• Exercise directions: Would you transcribe each entry exactly as it stands, omitting the pictures?

--- Data under study ---

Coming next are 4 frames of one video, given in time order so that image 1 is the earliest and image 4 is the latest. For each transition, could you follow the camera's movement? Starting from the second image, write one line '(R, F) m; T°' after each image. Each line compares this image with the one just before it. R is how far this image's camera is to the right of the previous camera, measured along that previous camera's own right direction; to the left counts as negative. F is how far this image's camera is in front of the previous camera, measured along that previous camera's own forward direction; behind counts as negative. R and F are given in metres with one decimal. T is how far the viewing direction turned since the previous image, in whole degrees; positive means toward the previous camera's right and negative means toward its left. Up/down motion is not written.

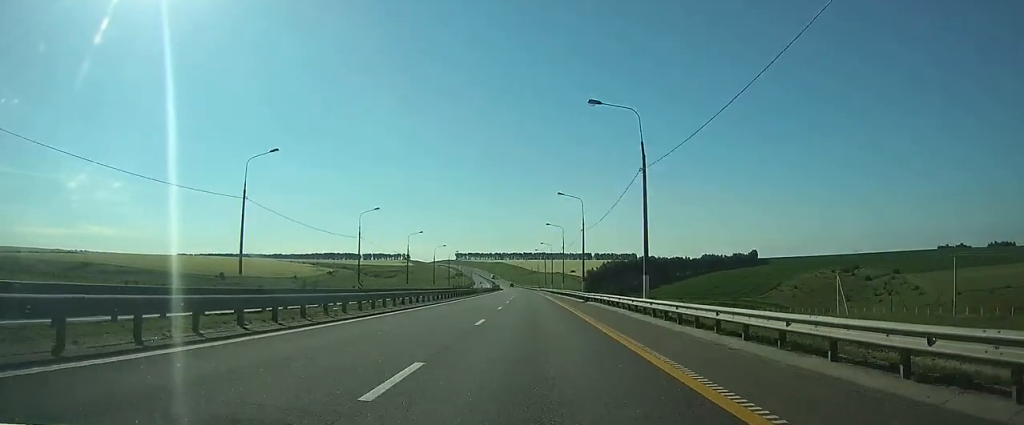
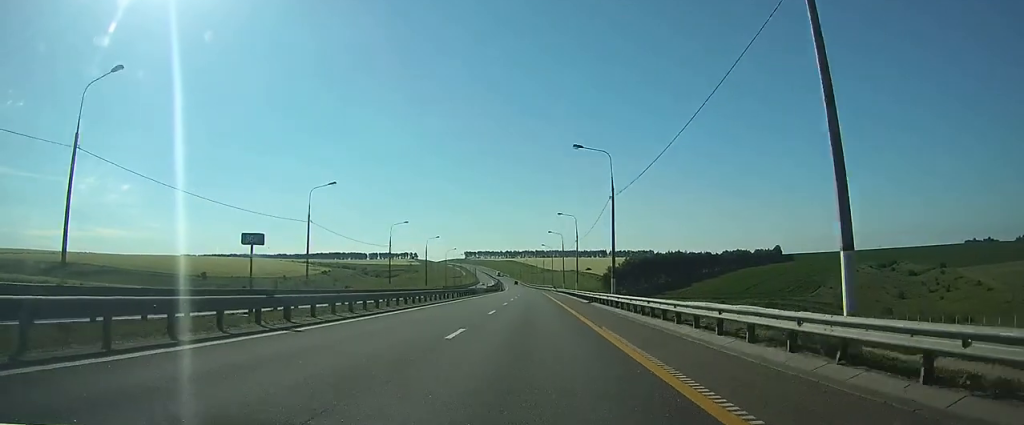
(-0.3, +52.5) m; -1°
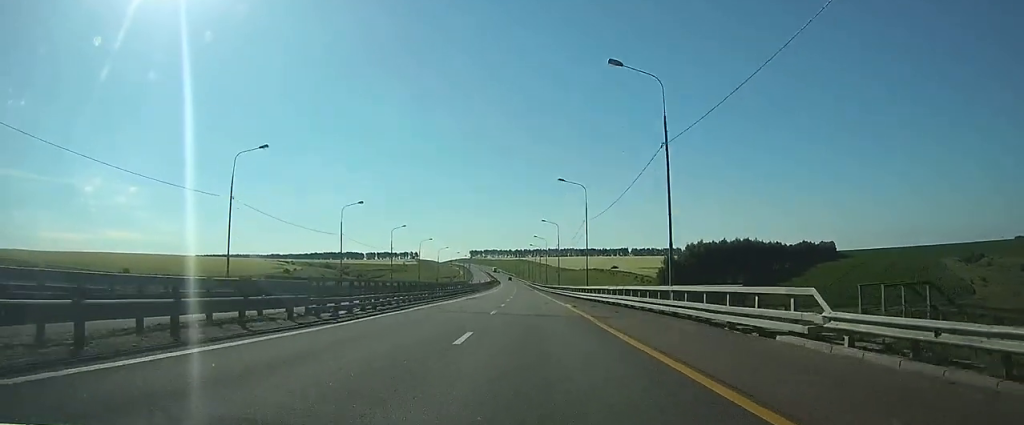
(-1.4, +120.6) m; -1°
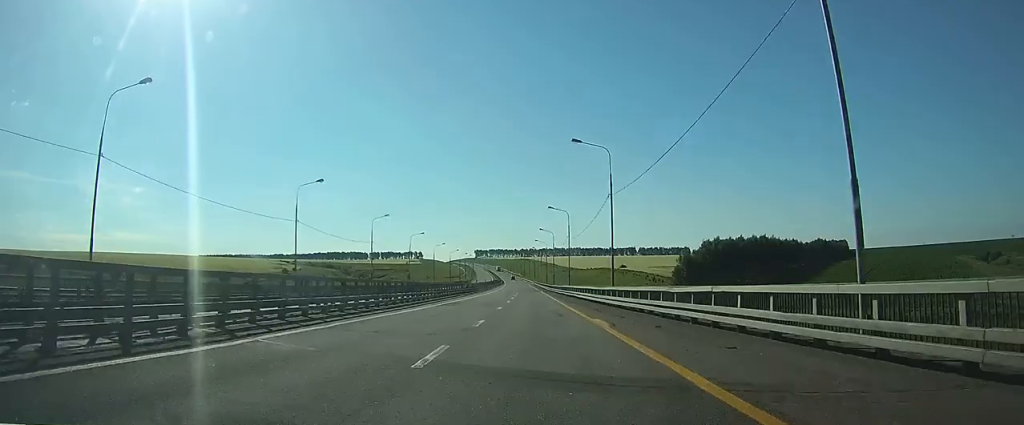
(0.0, +15.5) m; 0°
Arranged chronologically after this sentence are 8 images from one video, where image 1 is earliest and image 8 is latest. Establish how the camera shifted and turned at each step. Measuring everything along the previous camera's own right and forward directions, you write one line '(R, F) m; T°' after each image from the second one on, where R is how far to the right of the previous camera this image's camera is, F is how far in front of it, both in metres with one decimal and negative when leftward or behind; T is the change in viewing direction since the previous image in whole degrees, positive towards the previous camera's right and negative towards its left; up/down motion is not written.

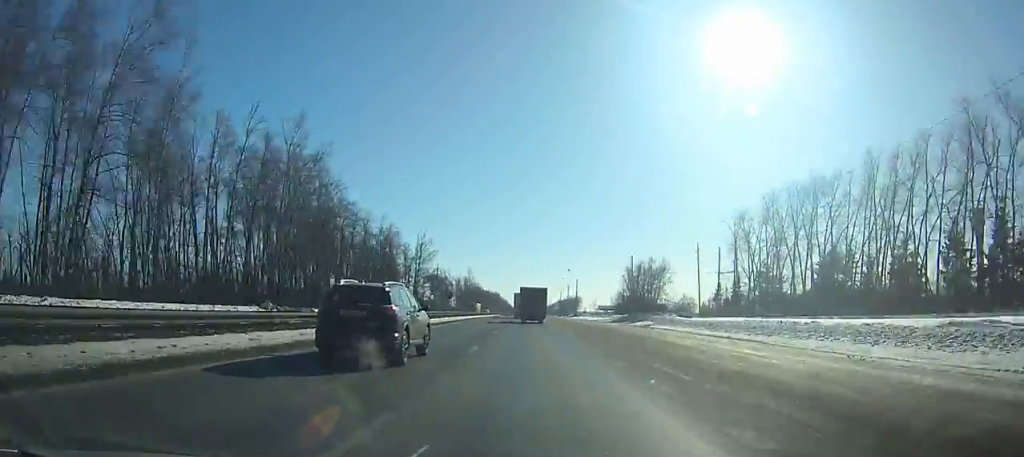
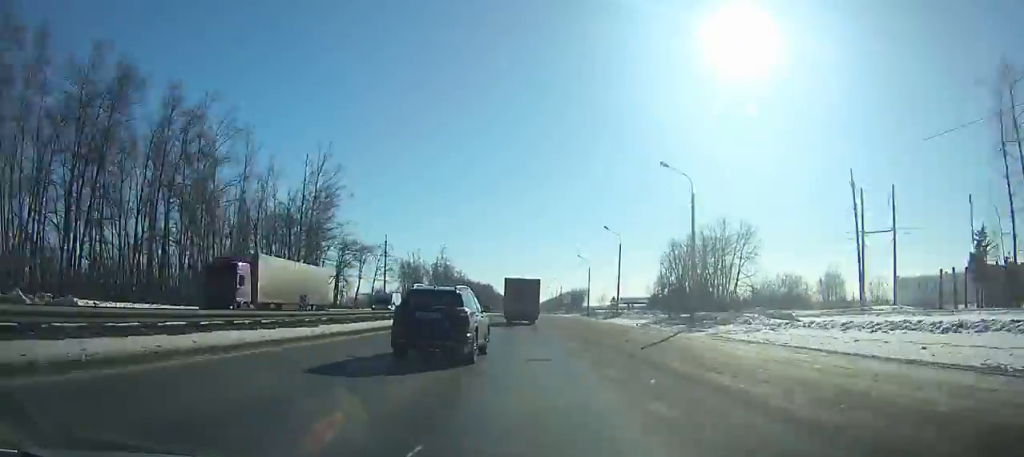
(-0.4, +85.2) m; 0°
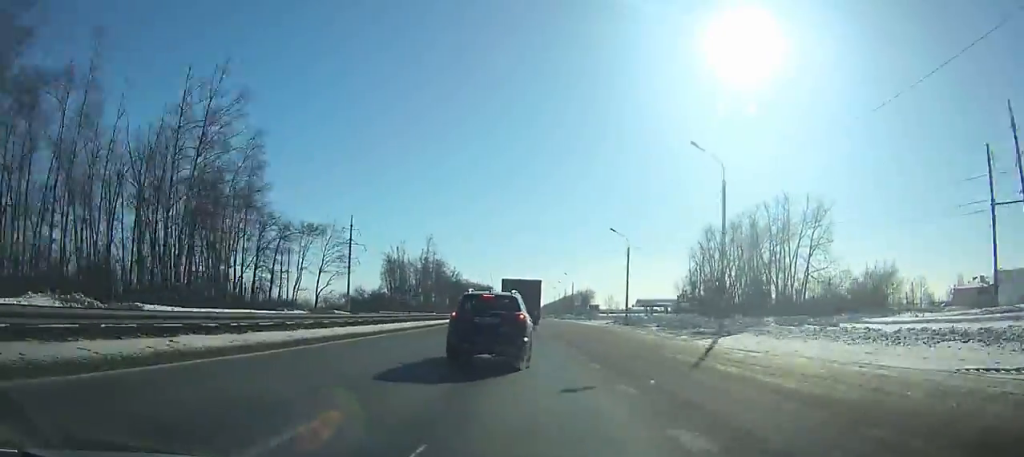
(0.0, +34.4) m; 0°
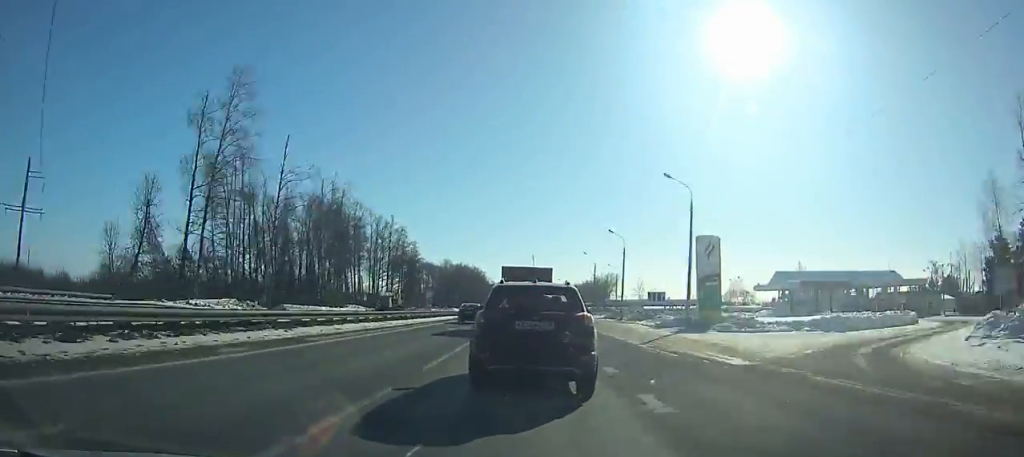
(-0.3, +121.9) m; 0°
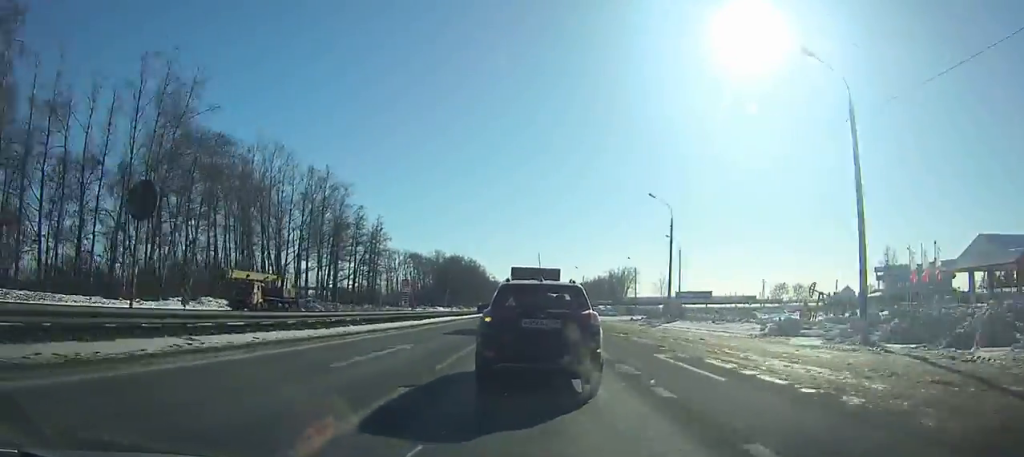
(+0.1, +49.6) m; -1°
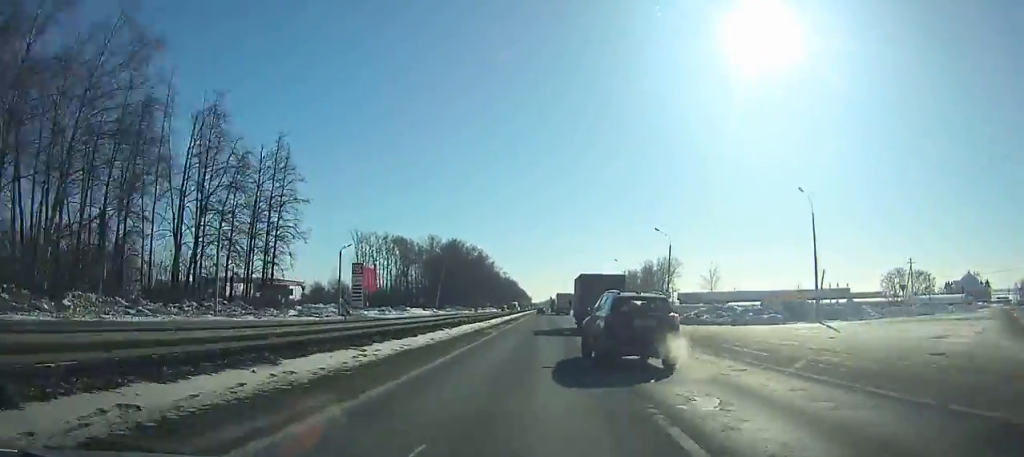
(-1.5, +64.0) m; 0°
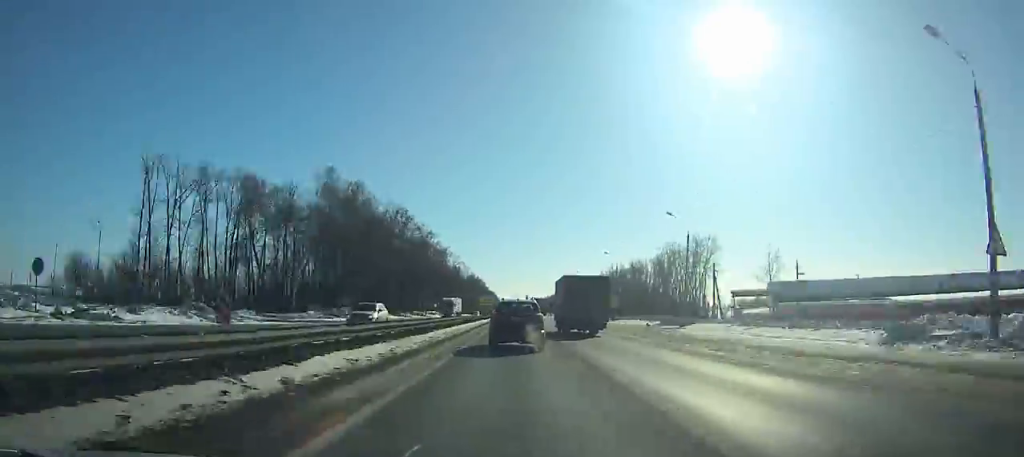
(+2.2, +89.3) m; +2°
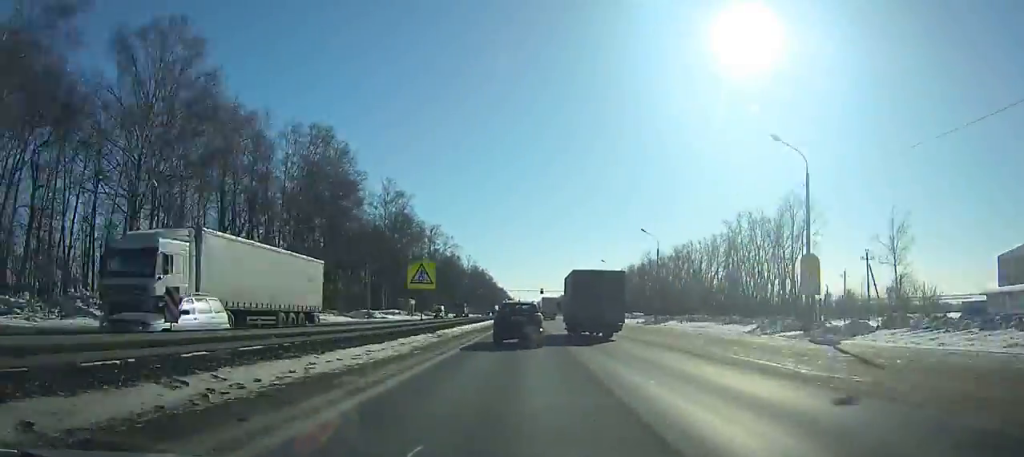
(+0.3, +55.4) m; 0°
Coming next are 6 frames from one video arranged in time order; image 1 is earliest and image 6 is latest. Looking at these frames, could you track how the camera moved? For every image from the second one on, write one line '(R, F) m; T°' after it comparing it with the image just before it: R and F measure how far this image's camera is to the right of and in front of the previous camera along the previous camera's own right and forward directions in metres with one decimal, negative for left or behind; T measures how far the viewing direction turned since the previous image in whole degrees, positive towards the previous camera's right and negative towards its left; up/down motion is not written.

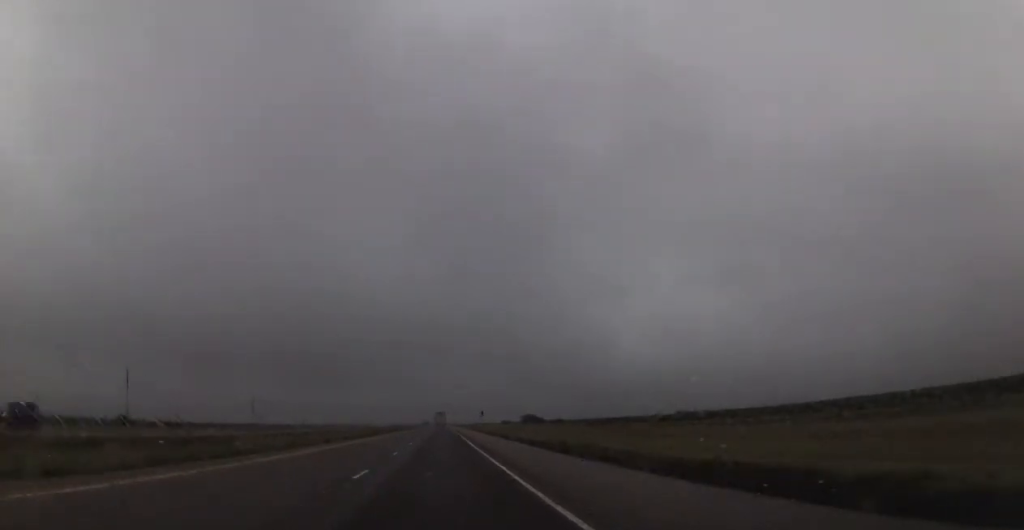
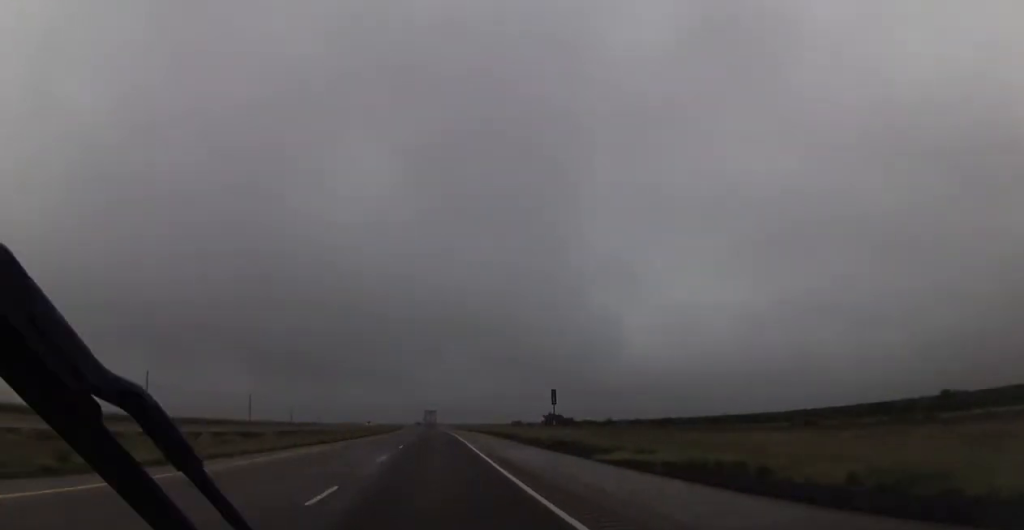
(-0.6, +78.8) m; 0°
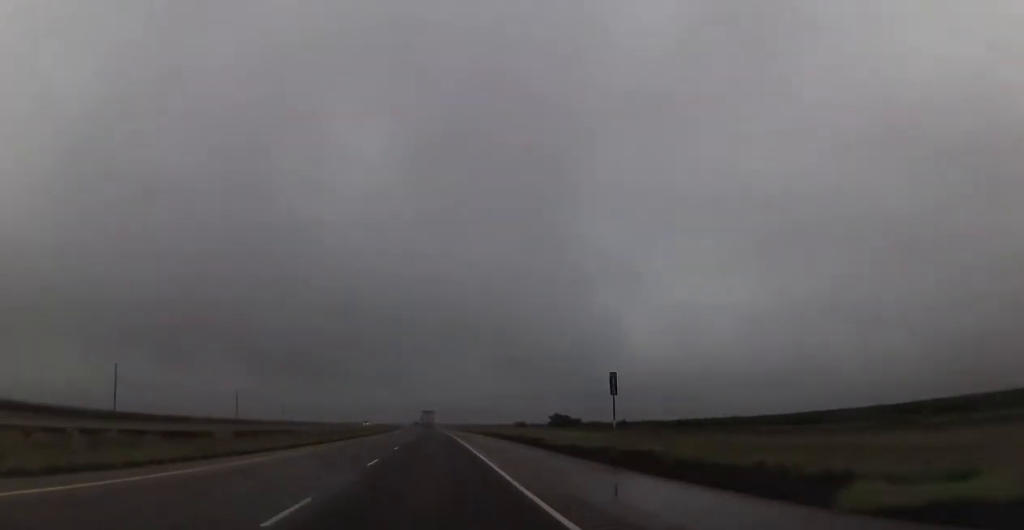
(+0.1, +14.5) m; 0°
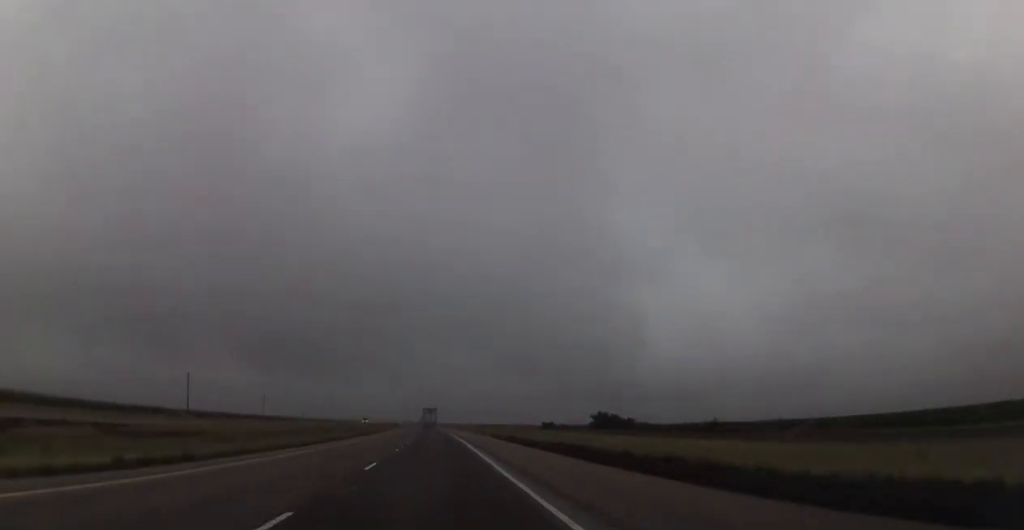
(-0.3, +50.8) m; -1°
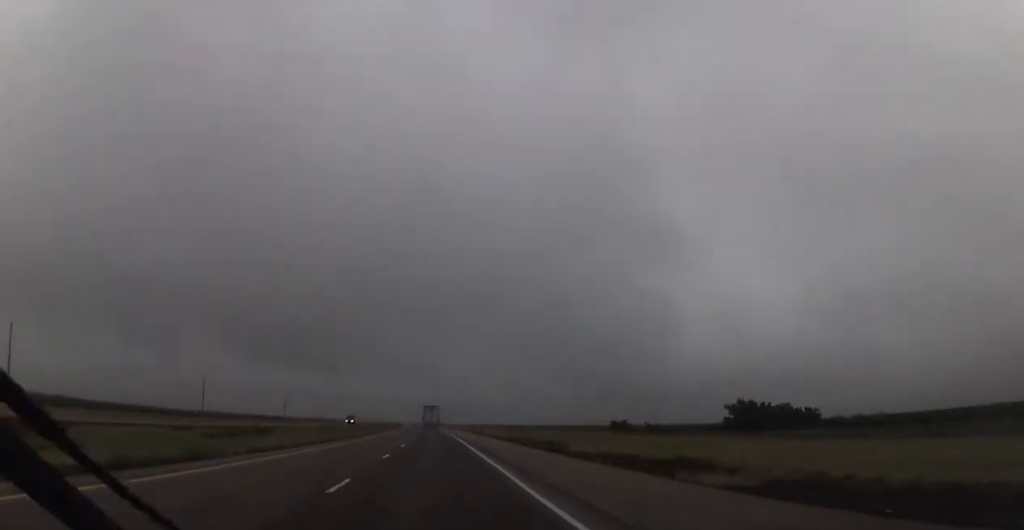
(-1.1, +79.8) m; -1°
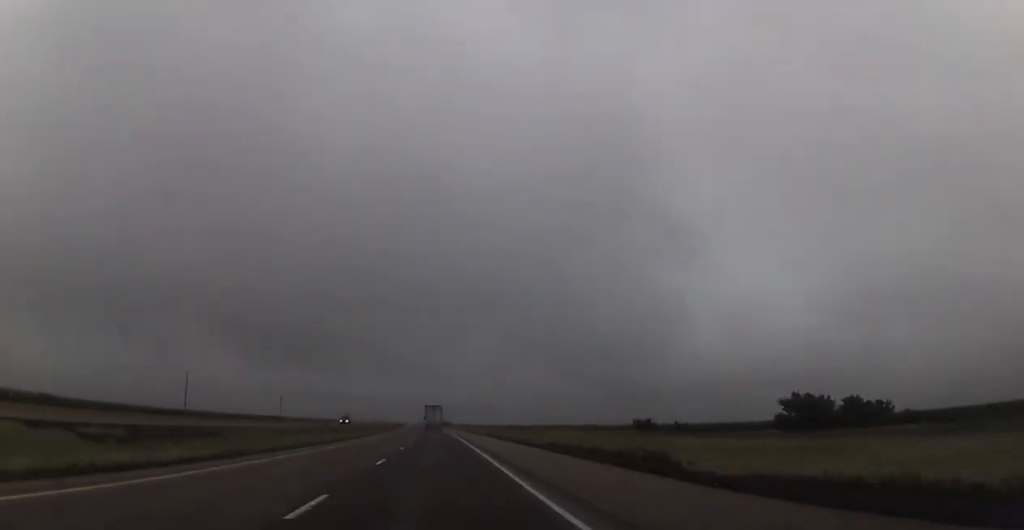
(+0.1, +15.8) m; 0°

---

• Answer to the problem:
Coming next are 4 frames of one video, given in time order so that image 1 is the earliest and image 4 is the latest. For each transition, could you follow the camera's movement? Starting from the second image, write one line '(R, F) m; T°' after each image. Each line compares this image with the one just before it. R is how far this image's camera is to the right of the previous camera, measured along that previous camera's own right direction; to the left counts as negative. F is how far this image's camera is in front of the previous camera, measured along that previous camera's own forward direction; behind counts as negative. R and F are given in metres with one decimal. T is how far the viewing direction turned since the previous image, in whole degrees; positive means toward the previous camera's right and negative means toward its left. Up/down motion is not written.

(-0.3, +52.5) m; -1°
(-1.4, +120.6) m; -1°
(0.0, +15.5) m; 0°
Arranged chronologically after this sentence are 8 images from one video, where image 1 is earliest and image 8 is latest. Establish how the camera shifted and turned at each step. Measuring everything along the previous camera's own right and forward directions, you write one line '(R, F) m; T°' after each image from the second one on, where R is how far to the right of the previous camera this image's camera is, F is how far in front of it, both in metres with one decimal and negative when leftward or behind; T is the change in viewing direction since the previous image in whole degrees, positive towards the previous camera's right and negative towards its left; up/down motion is not written.

(-0.4, +85.2) m; 0°
(0.0, +34.4) m; 0°
(-0.3, +121.9) m; 0°
(+0.1, +49.6) m; -1°
(-1.5, +64.0) m; 0°
(+2.2, +89.3) m; +2°
(+0.3, +55.4) m; 0°
Coming next are 6 frames from one video arranged in time order; image 1 is earliest and image 6 is latest. Looking at these frames, could you track how the camera moved? For every image from the second one on, write one line '(R, F) m; T°' after it comparing it with the image just before it: R and F measure how far this image's camera is to the right of and in front of the previous camera along the previous camera's own right and forward directions in metres with one decimal, negative for left or behind; T measures how far the viewing direction turned since the previous image in whole degrees, positive towards the previous camera's right and negative towards its left; up/down motion is not written.

(-0.6, +78.8) m; 0°
(+0.1, +14.5) m; 0°
(-0.3, +50.8) m; -1°
(-1.1, +79.8) m; -1°
(+0.1, +15.8) m; 0°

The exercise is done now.